I Finished My First “Whole30” and LIKED IT

For me, my sugar addiction was out of control.  I was waking up in the morning craving extremely sugary coffee.  I was drinking at least three Diet Cherry Pepsis a day.  And there was, of course, “The Smarties Incident of 2017.”  Never, NEVER, pick up a bag of Smarties “just because it’s on clearance after Easter.”  And then, never EVER proceed to eat the entire bag yourself over the course of several days, like an idiot.

I needed an intervention.

If you haven’t heard of any of your friends or family tackling a round of Whole30, you must be living in a remote location.  WHOLE30 is EVERYWHERE!

So, what is Whole30?  You commit yourself to 30 days of what some might refer to as “extreme Paleo.”  Essentially:  no added sugars, no artificial sweeteners, no soy, no dairy, no carbs.  You may eat meats, fruits, vegetables and some nuts.  Am I missing anything?  No joy in my life?

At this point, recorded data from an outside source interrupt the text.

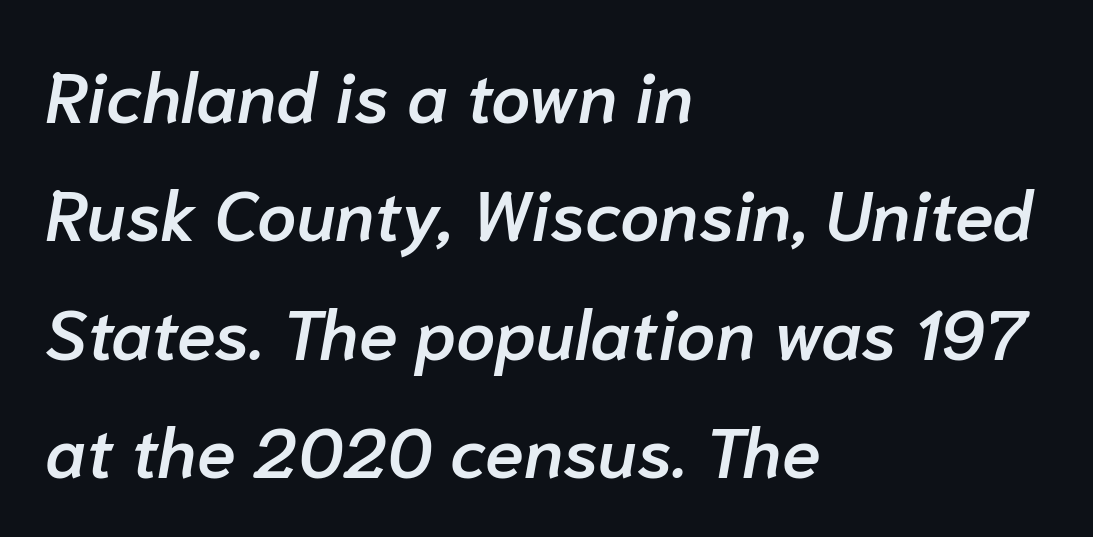
The image shows 70 px semibold type, italic (leaning right); set left-aligned, normal line spacing (1.69x), normal letter spacing, not underlined; low stroke contrast and a medium x-height.
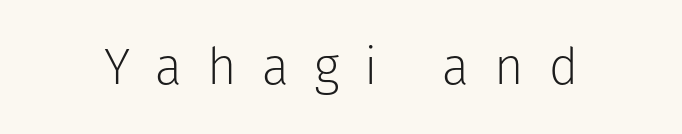
Q: Is the text bold? A: No.
Q: Is the text italic (slanted)? A: No, it is upright.
Q: Is the typeface a serif or a sans-serif typeface? A: Sans-serif.
Q: Is the text underlined? A: No.
Q: Is the spacing between letters normal or unusually wide? A: Unusually wide.
Q: Width (condensed, normal, or wide)? A: Normal.
Q: Stroke contrast? A: Low.
Q: x-height? A: Medium.
Q: Monospaced? A: No.

I will take a moment to note that the lingo for Whole30 cheating is “non-compliant.”  In other words, if you are eating something that isn’t allowed on Whole30, you are eating a non-compliant food.  If you find something that is allowed, you have found something “compliant.”  I will take another moment to say that I despise that word “compliant,” because when I hear it all I can imagine is being tortured by a Hydra agent and asked if I’m willing to comply (Ah-hem, Marvel nerd stuff.  Apologies.).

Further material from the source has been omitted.